I thought this will be trivial but I can't get this to work. 我认为这将是微不足道的,但我不能让这个工作。

Assume a line in a CSV file: "Barack Obama", 48, "President", "1600 Penn Ave, Washington DC" 假设CSV文件中有一行: "Barack Obama", 48, "President", "1600 Penn Ave, Washington DC"

string[] tokens = line.split(',')

I expect this: 我期待这个:

 "Barack Obama"
 48
 "President"
 "1600 Penn Ave, Washington DC"

but the last token is 'Washington DC' not "1600 Penn Ave, Washington DC" . 但最后一个标志是'Washington DC'不是"1600 Penn Ave, Washington DC"

Is there an easy way to get the split function to ignore the comma within quotes? 是否有一种简单的方法可以让split函数忽略引号内的逗号?

I have no control over the CSV file and it doesn;t get sent to me. 我无法控制CSV文件但它没有发送给我。 Customer A will be using the app to read files provided by an external individual. 客户A将使用该应用程序读取外部个人提供的文件。

You might have to write your own split function. 您可能必须编写自己的拆分功能。

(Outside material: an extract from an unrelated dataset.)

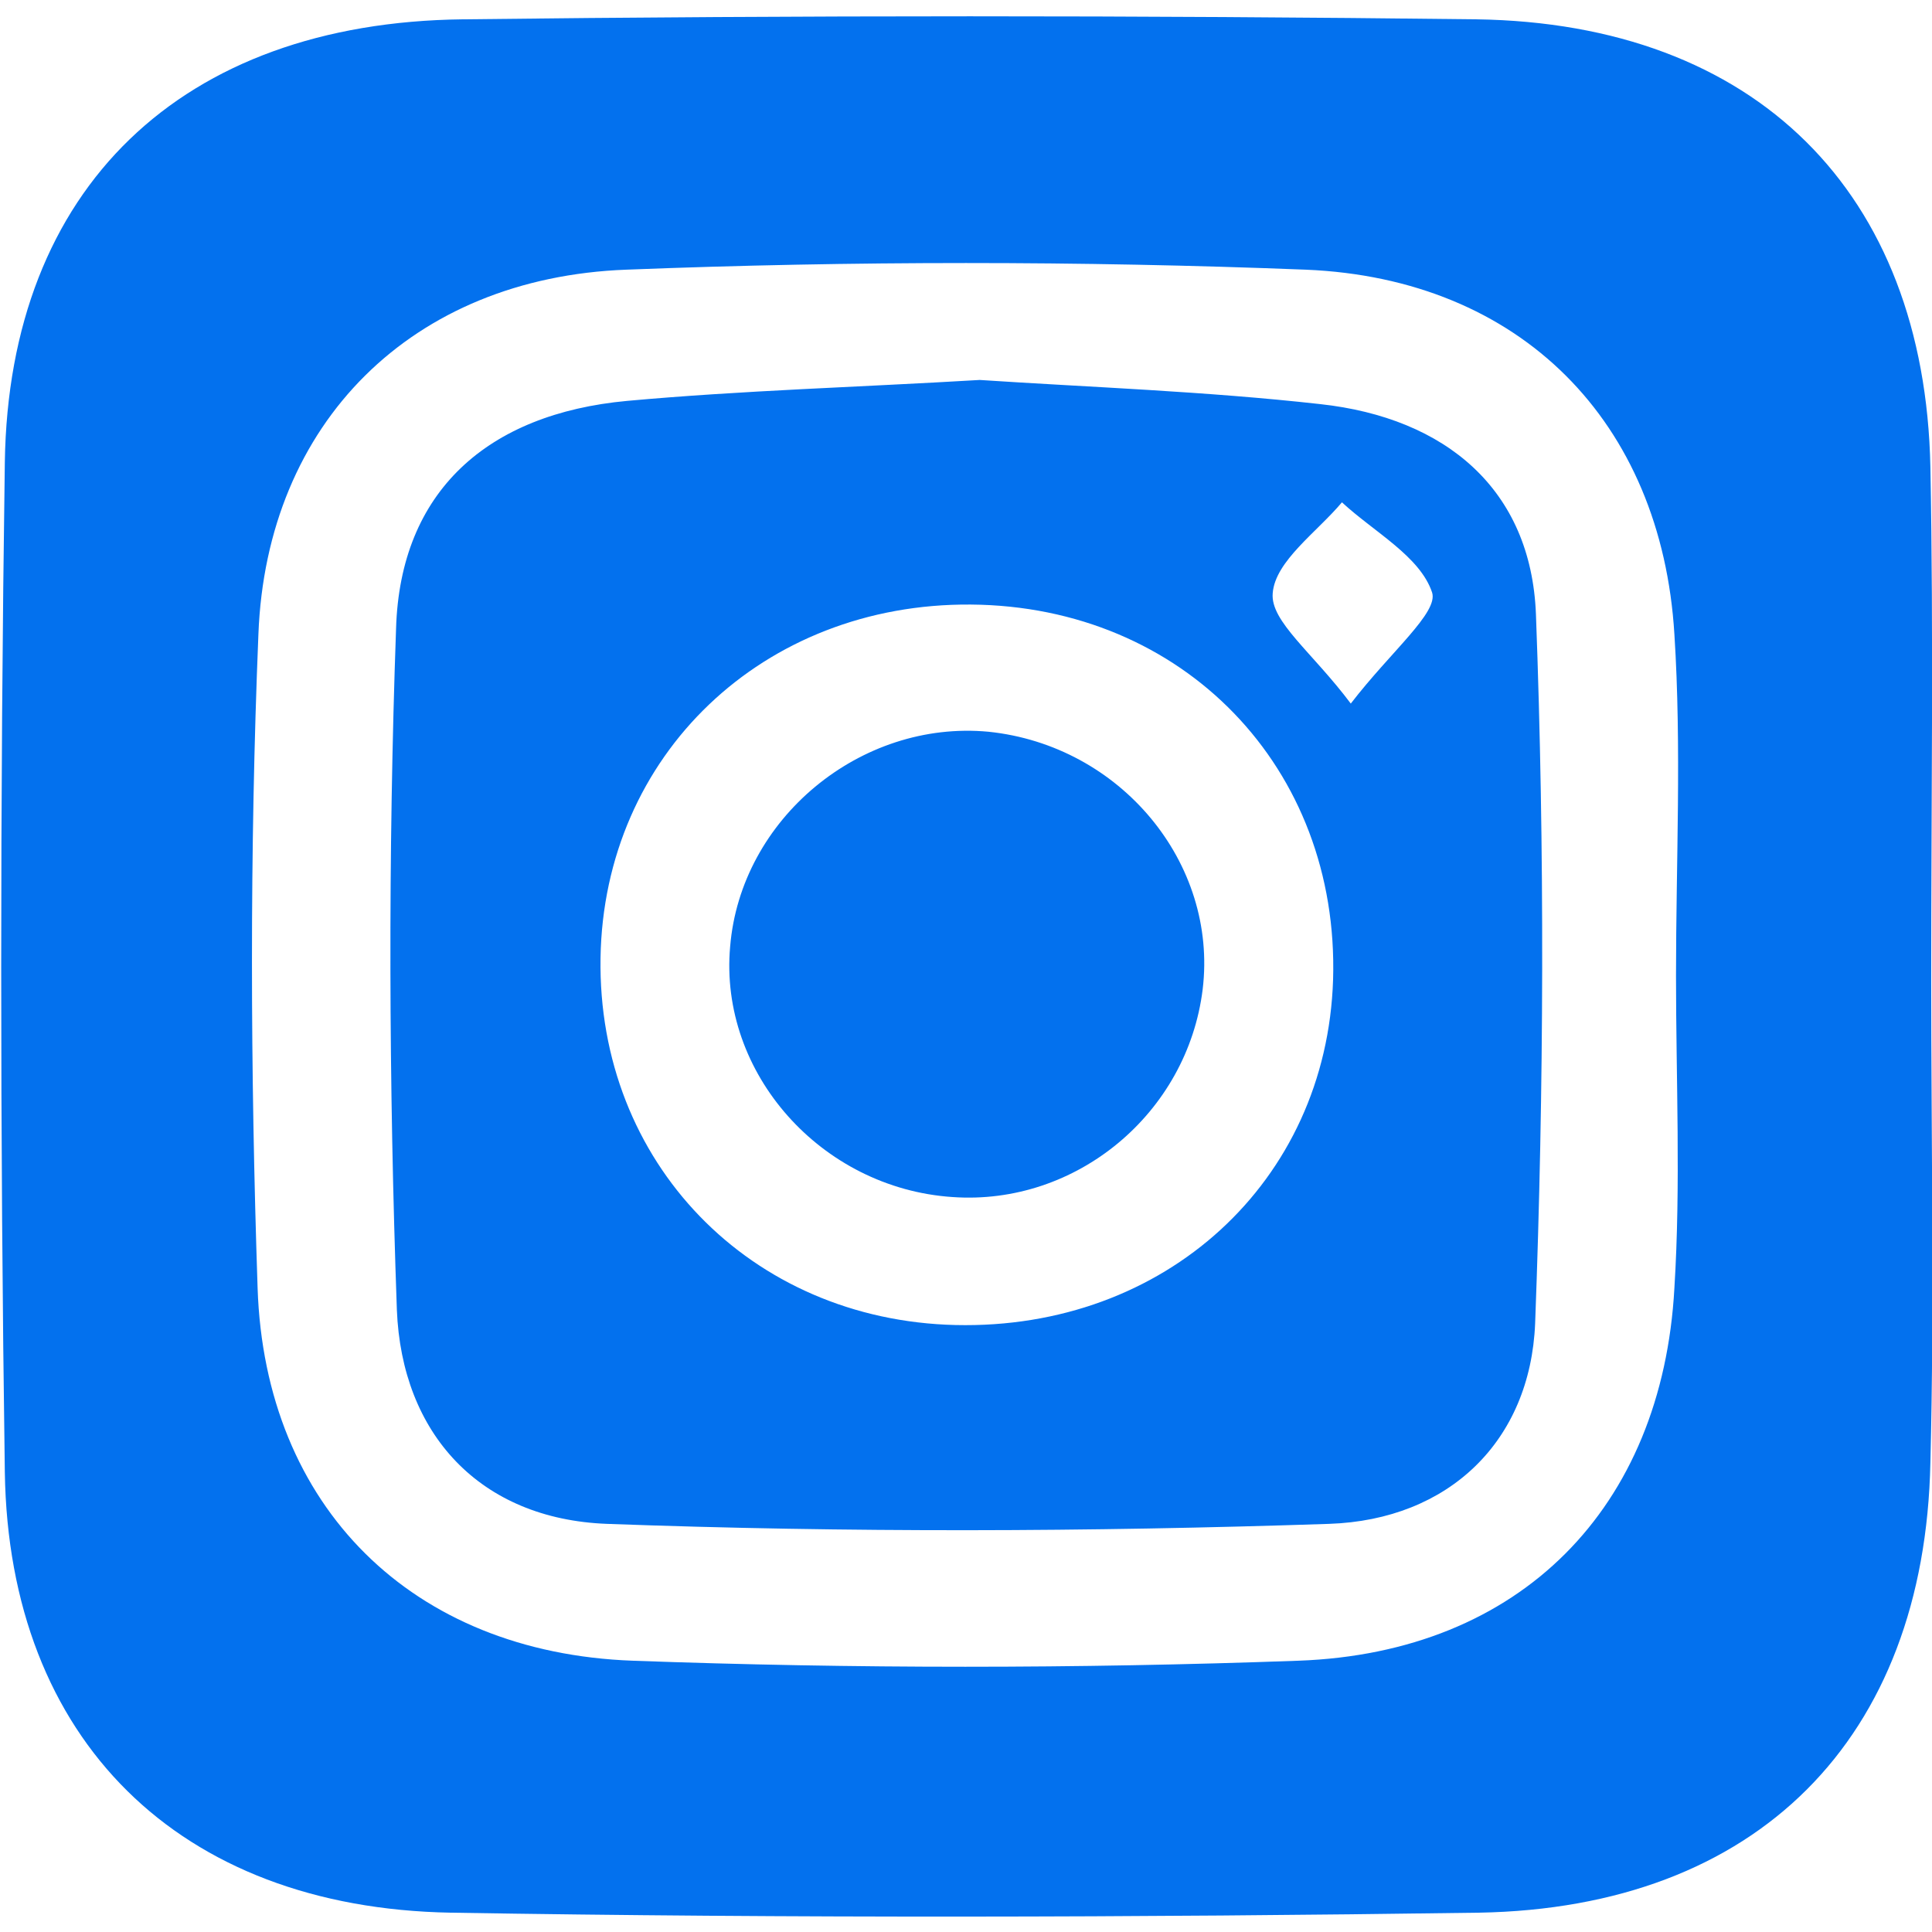 <svg width="24" height="24" viewBox="0 0 24 24" fill="none" xmlns="http://www.w3.org/2000/svg">
<path d="M23.99,12.16c0,2,0.04,4.01-0.01,6.01c-0.07,3.43-2.15,5.53-5.61,5.59c-4.26,0.06-8.52,0.07-12.77,0c-3.38-0.06-5.49-2.15-5.54-5.47c-0.06-4.18-0.06-8.37,0-12.55c0.05-3.4,2.19-5.46,5.69-5.5c4.2-0.05,8.4-0.05,12.59,0c3.47,0.05,5.57,2.15,5.64,5.56C24.02,7.91,23.99,10.04,23.99,12.16L23.99,12.16z M20.82,12.12c0-1.41,0.07-2.83-0.02-4.24c-0.16-2.64-1.91-4.42-4.58-4.53c-2.81-0.11-5.63-0.11-8.44,0c-2.66,0.1-4.47,1.9-4.57,4.53c-0.11,2.7-0.1,5.42-0.01,8.12c0.09,2.72,1.92,4.53,4.66,4.63c2.75,0.1,5.51,0.1,8.27,0c2.76-0.1,4.52-1.9,4.67-4.63C20.88,14.71,20.82,13.41,20.82,12.12L20.82,12.12z M12.17,4.72c1.36,0.09,2.8,0.14,4.23,0.3c1.56,0.17,2.62,1.06,2.68,2.61c0.11,2.93,0.1,5.88-0.01,8.81c-0.06,1.46-1.07,2.44-2.56,2.49c-2.99,0.1-5.98,0.11-8.97,0c-1.58-0.06-2.55-1.12-2.61-2.66c-0.1-2.82-0.11-5.64-0.01-8.46C4.97,6.1,6.06,5.14,7.79,4.98C9.22,4.85,10.66,4.81,12.17,4.72L12.17,4.72z M11.87,16.46c2.6,0.06,4.61-1.78,4.69-4.29c0.08-2.63-1.86-4.64-4.5-4.66c-2.58-0.02-4.56,1.87-4.6,4.39C7.42,14.44,9.32,16.4,11.87,16.46z M16.78,8.74c0.5-0.65,1.09-1.13,1.01-1.38c-0.15-0.45-0.72-0.75-1.12-1.12c-0.31,0.37-0.83,0.73-0.86,1.13C15.78,7.72,16.3,8.1,16.78,8.74z M9.07,11.76c-0.14,1.57,1.13,3,2.76,3.11c1.54,0.11,2.92-1.04,3.11-2.58c0.19-1.57-1.02-3.03-2.66-3.2C10.69,8.94,9.2,10.17,9.07,11.76z" fill="#0371EE"/>
</svg>

  • Iterate through each char in the string 遍历字符串中的每个字符
  • When you hit a " character, toggle a boolean 当你点击"字符时,切换一个布尔值
  • When you hit a comma, if the bool is true, ignore it, else, you have your token 当你点击逗号时,如果bool为true,则忽略它,否则你有你的令牌

Here's an example: 这是一个例子:

public static class StringExtensions
{
    public static string[] SplitQuoted(this string input, char separator, char quotechar)
    {
        List<string> tokens = new List<string>();

        StringBuilder sb = new StringBuilder();
        bool escaped = false;
        foreach (char c in input)
        {
            if (c.Equals(separator) && !escaped)
            {
                // we have a token
                tokens.Add(sb.ToString().Trim());
                sb.Clear();
            }
            else if (c.Equals(separator) && escaped)
            {
                // ignore but add to string
                sb.Append(c);
            }
            else if (c.Equals(quotechar))
            {
                escaped = !escaped;
                sb.Append(c);
            }
            else
            {
                sb.Append(c);
            }
        }
        tokens.Add(sb.ToString().Trim());

        return tokens.ToArray();
    }
}

Then just call: 然后打电话:

string[] tokens = line.SplitQuoted(',','\"');

Benchmarks 基准

Results of benchmarking my code and Dan Tao's code are below. 对我的代码和Dan Tao的代码进行基准测试的结果如下。 I'm happy to benchmark any other solutions if people want them? 如果有人想要,我很乐意为任何其他解决方案做基准测试吗?

Code: 码:

string input = "\"Barak Obama\", 48, \"President\", \"1600 Penn Ave, Washington DC\""; // Console.ReadLine()
string[] tokens = null;

// run tests
DateTime start = DateTime.Now;
for (int i = 0; i < 1000000; i++)
    tokens = input.SplitWithQualifier(',', '\"', false);
Console.WriteLine("1,000,000 x SplitWithQualifier = {0}ms", DateTime.Now.Subtract(start).TotalMilliseconds);

start = DateTime.Now;
for (int i = 0; i<1000000;i++)
    tokens = input.SplitQuoted(',', '\"');
Console.WriteLine("1,000,000 x SplitQuoted =        {0}ms", DateTime.Now.Subtract(start).TotalMilliseconds);

Output: 输出:

1,000,000 x SplitWithQualifier = 8156.25ms
1,000,000 x SplitQuoted =        2406.25ms

I have a SplitWithQualifier extension method that I use here and there, which utilizes Regex . 我有一个SplitWithQualifier扩展方法,我在这里和那里使用,它使用正则Regex

I make no claim as to the robustness of this code, but it has worked all right for me for a while. 我没有声明这段代码的健壮性,但它对我来说已经有一段时间了。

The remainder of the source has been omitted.